> _What you are asked to do_: Below are the records to retype. Keep every character exactly and leave out the pictures.

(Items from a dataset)

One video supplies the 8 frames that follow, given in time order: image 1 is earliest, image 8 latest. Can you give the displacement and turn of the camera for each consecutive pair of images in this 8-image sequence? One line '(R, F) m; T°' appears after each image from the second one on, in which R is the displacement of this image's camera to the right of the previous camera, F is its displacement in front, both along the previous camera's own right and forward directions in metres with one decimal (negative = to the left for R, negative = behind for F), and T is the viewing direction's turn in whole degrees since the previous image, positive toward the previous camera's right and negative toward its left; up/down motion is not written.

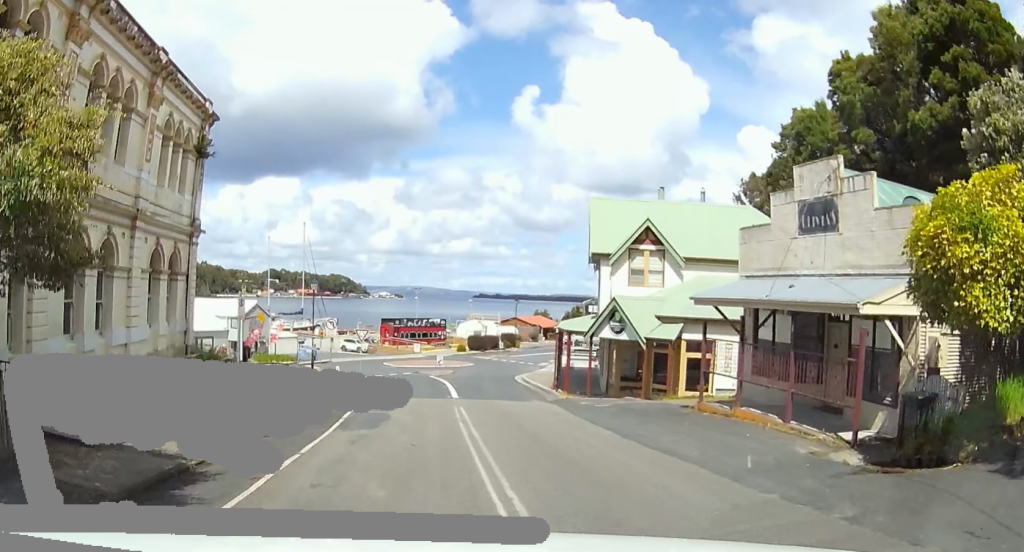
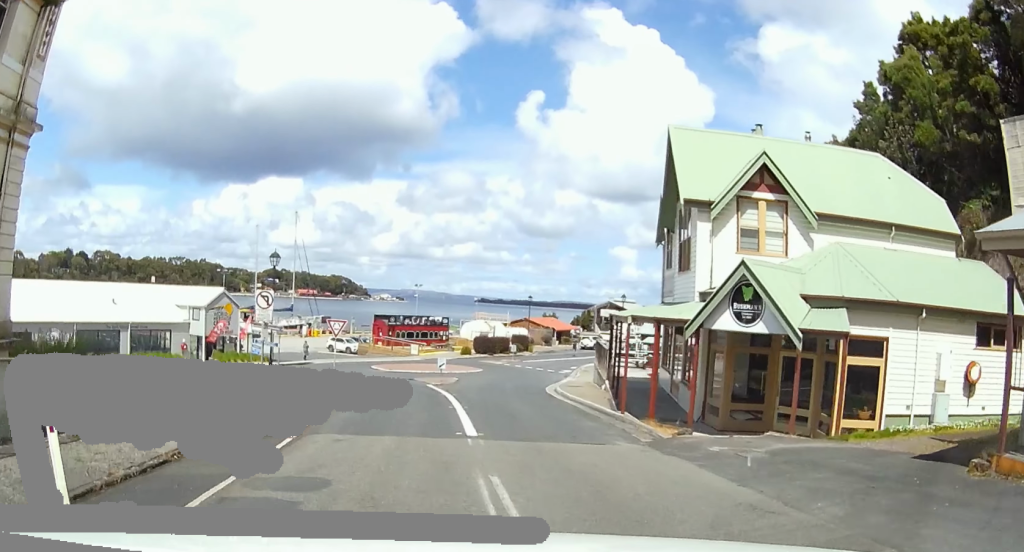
(+0.3, +11.2) m; +2°
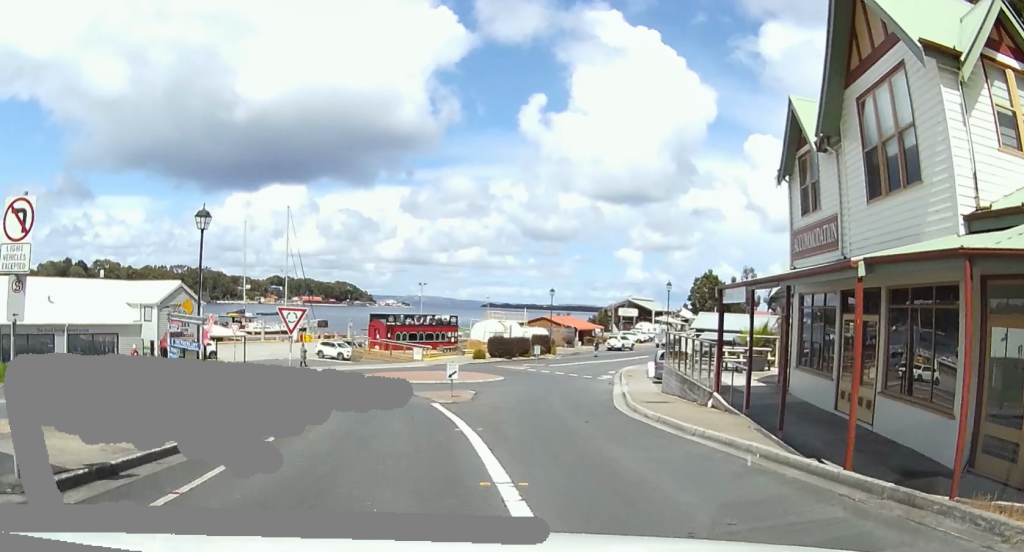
(+0.1, +12.7) m; +1°
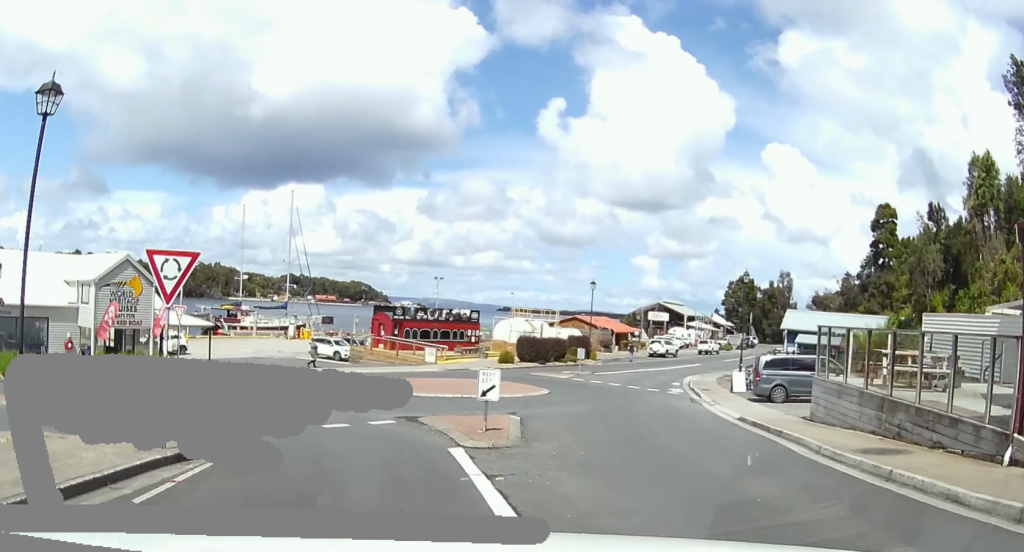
(+0.4, +12.2) m; +1°
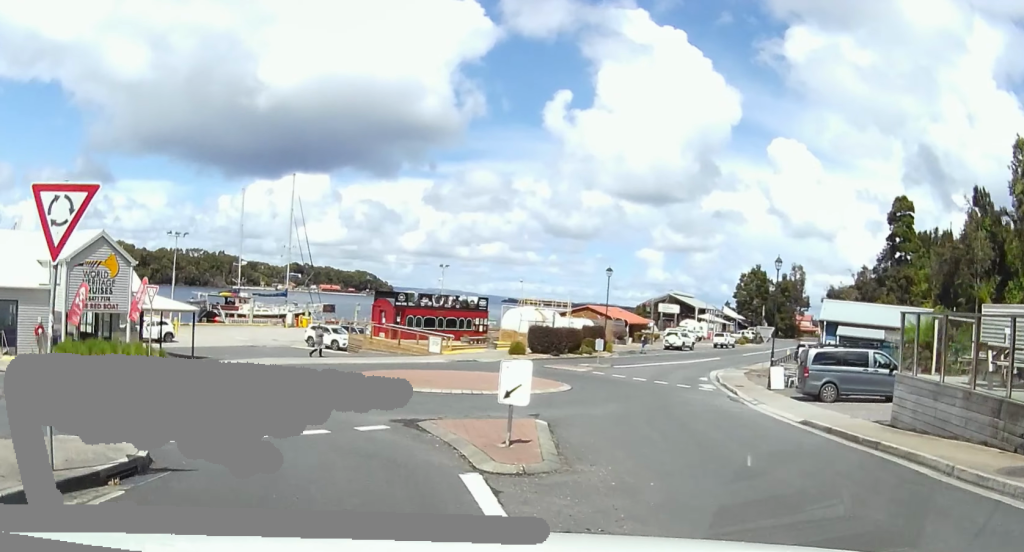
(+0.2, +3.9) m; -3°
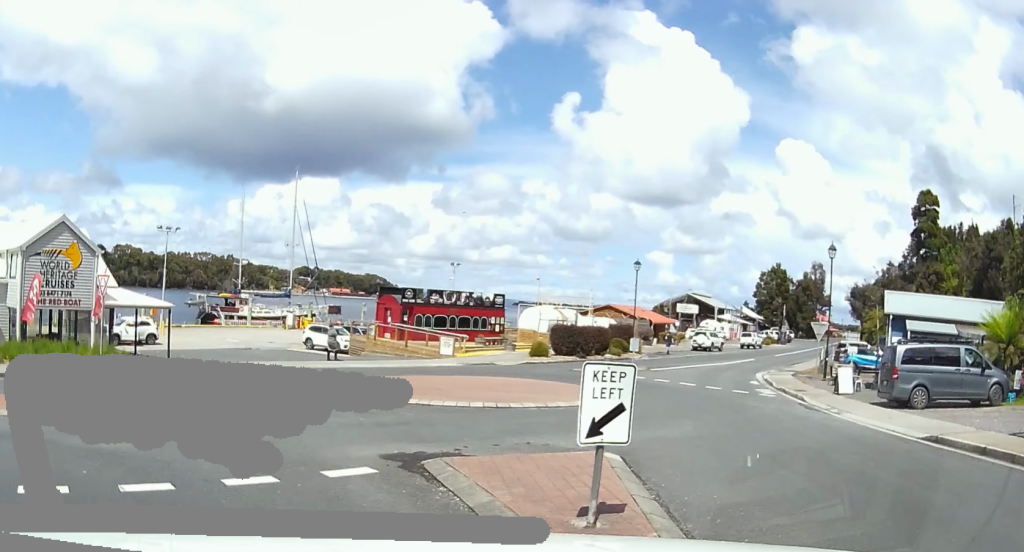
(-0.5, +4.9) m; -8°
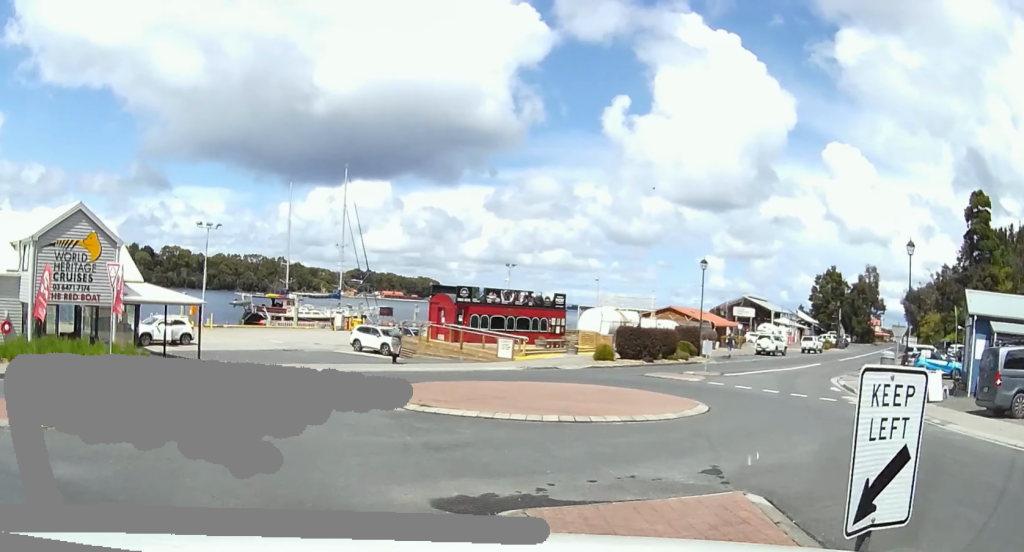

> _Answer to this task_:
One video supplies the 8 frames that follow, given in time order: image 1 is earliest, image 8 latest. Can you give the displacement and turn of the camera for each consecutive pair of images in this 8-image sequence? One line '(R, F) m; T°' appears after each image from the second one on, in which R is the displacement of this image's camera to the right of the previous camera, F is its displacement in front, both along the previous camera's own right and forward directions in metres with one decimal (negative = to the left for R, negative = behind for F), and T is the viewing direction's turn in whole degrees since the previous image, positive toward the previous camera's right and negative toward its left; up/down motion is not written.

(+0.3, +11.2) m; +2°
(+0.1, +12.7) m; +1°
(+0.4, +12.2) m; +1°
(+0.2, +3.9) m; -3°
(-0.5, +4.9) m; -8°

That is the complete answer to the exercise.